If model $M_1$ has higher accuracy than model $M_2$, the kappa of $M_1$ will always be higher than the kappa of $M_2$?
I want to proof or refute (an example for the same case where increasing accuracy provokes a decrease in kappa is enough) it.
As requested I will reference concepts:
Accuracy: https://en.wikipedia.org/wiki/Evaluation_of_binary_classifiers
Kappa: https://en.wikipedia.org/wiki/Cohen%27s_kappa
Models: https://en.wikipedia.org/wiki/Machine_learning
Both accuracy and kappa are pretty common concepts in machine learning. I just want to demonstrate or refute the above question.

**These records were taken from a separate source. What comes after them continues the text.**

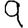
Digit: 9
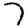
Digit: 7
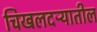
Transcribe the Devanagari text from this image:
चिखलदऱ्यातील
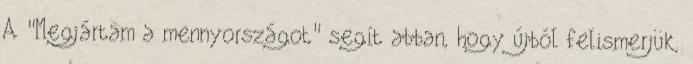
A "Megjártam a mennyországot" segít abban, hogy újból felismerjük,
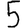
Digit: 5
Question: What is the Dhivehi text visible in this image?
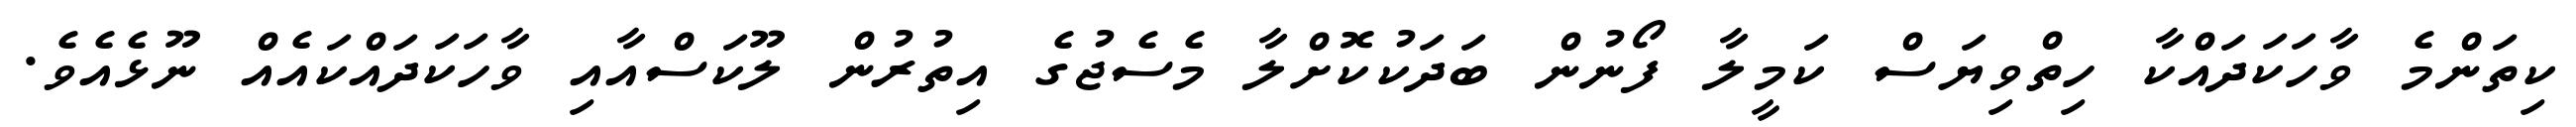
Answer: ކިތަންމެ ވާހަކަދައްކާ ހިތްވިޔަސް ކަމީލާ ފޯނުން ބަދަކުކޮށްލާ މެސެޖުގެ އިތުރުން ލޫކަސްއާއި ވާހަކަދައްކައެއް ނޫޅެއެވެ.
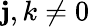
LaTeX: \mathbf{j},k\neq0
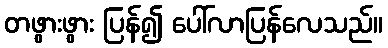
တဖွားဖွား ပြန်၍ ပေါ်လာပြန်လေသည်။
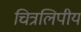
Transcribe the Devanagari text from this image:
चित्रलिपीय
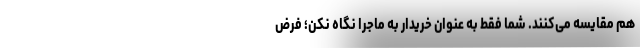
هم مقایسه می‌کنند. شما فقط به عنوان خریدار به ماجرا نگاه نکن؛ فرض
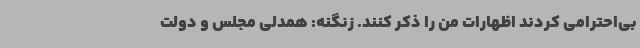
بی‌احترامی کردند اظهارات من را ذکر کنند. زنگنه: همدلی مجلس و دولت
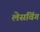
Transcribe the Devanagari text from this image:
लेसविंग
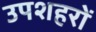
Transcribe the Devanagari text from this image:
उपशहरों
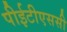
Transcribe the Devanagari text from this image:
पीईटीएससी
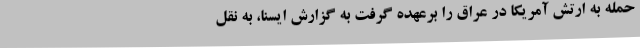
حمله به ارتش آمریکا در عراق را برعهده گرفت به گزارش ایسنا، به نقل
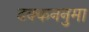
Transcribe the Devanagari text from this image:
ढक्कननुमा
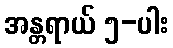
အန္တရာယ် ၅-ပါး
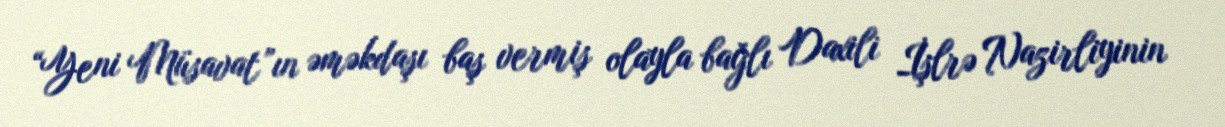
“Yeni Müsavat”ın əməkdaşı baş vermiş olayla bağlı Daxili İşlrə Nazirliyinin
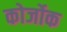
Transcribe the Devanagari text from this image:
कोर्जोक
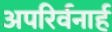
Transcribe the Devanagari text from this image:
अपरिर्वनार्ह
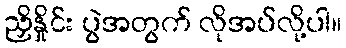
ညှိနှိုင်း ပွဲအတွက် လိုအပ်လို့ပါ။
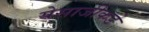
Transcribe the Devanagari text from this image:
येसाजीकडे
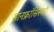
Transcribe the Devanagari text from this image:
सानफ्रांसिस्को
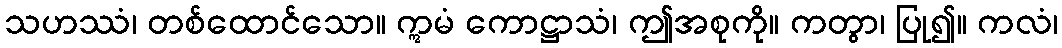
သဟဿံ၊ တစ်ထောင်သော။ ဣမံ ကောဋ္ဌာသံ၊ ဤအစုကို။ ကတွာ၊ ပြု၍။ ကလံ၊
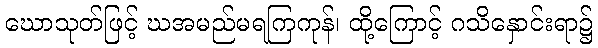
ဃောသုတ်ဖြင့် ဃအမည်မရကြကုန်၊ ထို့ကြောင့် ဂသိနှောင်းရာ၌
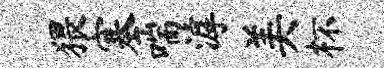
猥塞喘滹美杯
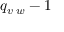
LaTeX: q _ { v \setminus w } - 1
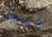
ديث
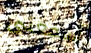
أسمعنى
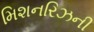
મિશનરિઝની
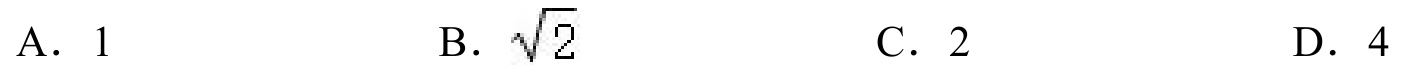
A. \(1\)  \quad B. \(\sqrt{2}\)  \quad C. \(2\)  \quad D. \(4\)
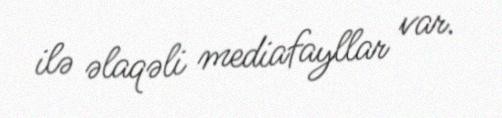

A new answer since, as @vbn pointed out, I mislabeled my computations. (I could have edited my former answer if I hadn't deleted it too quickly).
The answer is No, you can even have smaller kappa despite having bigger accuracy :
Consider a population of 100 animals, 60 dogs and 40 cats. Say $M_1$ makes 25 correct dog predictions and 35 correct cat predictions. Write $p_o$ for the relative observed agreement among raters, and $p_e$ for the hypothetical probability of chance agreement. One gets $$ p_o(M_1) = \frac{25 + 35}{100} = 0.6 $$ $$ p_e(M_1) = \frac{(25+35)(25+5) + (35+35)(5+35)}{100^2} = 0.46 $$ Hence, $\kappa(M_1) = \frac{p_o(M_1) - p_e(M_1)}{1 - p_e(M_1)} \simeq 0.26$.
Now, $M_2$ makes 45 correct dog predictions and 16 correct cat predictions. The accuracy of M2 is slightly better, but the kappa drops : $$p_0(M_2) = \frac{45 + 16}{100} = 0.61$$ $$p_e(M_2) = \frac{(45+15)(45+24) + (15+16)(24+16)}{100^2} = 0.538$$ Hence, $\kappa(M_2) \simeq 0.16$.